Bank Group Contribution

 The WB has committed over $2 million to the Jobs Platform since January 2021. This has been complemented by trust fund resources including $0.25 million from the Umbrella Facility for Trade that directly supports the Jobs Platform. Further, additional trust fund financing has covered numerous activities supported by the Jobs Platform.


In South Africa, the key project partners are the Department of Small Business Development (DSBD) and the Department of Science and Innovation (DSI). The partnership arrangements are clearly spelled out in multi-year technical cooperation agreements that include analytics, data, knowledge sharing and technical assistance for capacity building.
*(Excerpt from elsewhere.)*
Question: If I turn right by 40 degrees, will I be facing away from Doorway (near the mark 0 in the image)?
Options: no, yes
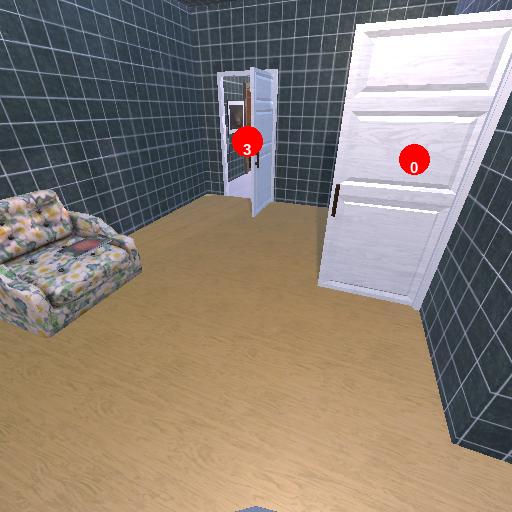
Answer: no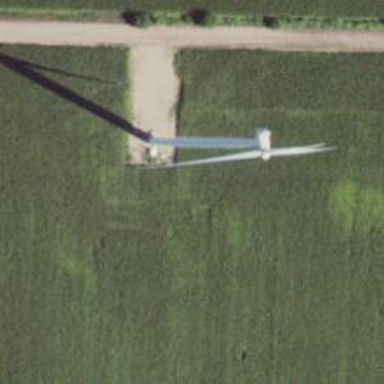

The WB’s support for DSBD on monitoring and evaluation complements support provided by the European Union which will invest in the ICT systems. The Innovation Bridge Portal is financed primarily by the South African government with technical support provided by the WB. The WB team crowded in resources from the French Embassy in South Africa and the UNDP for the agritech challenge. Business Unity South Africa (apex organized business entity representing South African business) supported the participation of the largest South African conglomerates in the Corporate Innovation Challenge while the Banking Association of South Africa financed the costs of an intern for a year to supplement the capacity of the Innovation Bridge Portal team. Thinkroom, a private South African ecosystem champion, sponsored 1,040 licenses for the digital incubation program (Thinkubate). 

Looking Ahead 

The WB will continue to provide support to deepen the engagement and scale of several on-going initiatives. Specifically, the WB will continue to support the ecosystem development activities of the Innovation Bridge Portal including formulation of a sustainability plan with private participation as well as programs to strengthen the ecosystems in Namibia, Botswana, eSwatini and Lesotho that will complement new lending programs in Lesotho and eSwatini. Support for establishing the M&E system in South Africa is envisaged to lead to increased efficiencies in public expenditure on support programs. Increased support for policy and regulatory reforms for MSME and entrepreneurship ecosystems as well as diagnostics on leveraging private digital platforms for job creation are ongoing.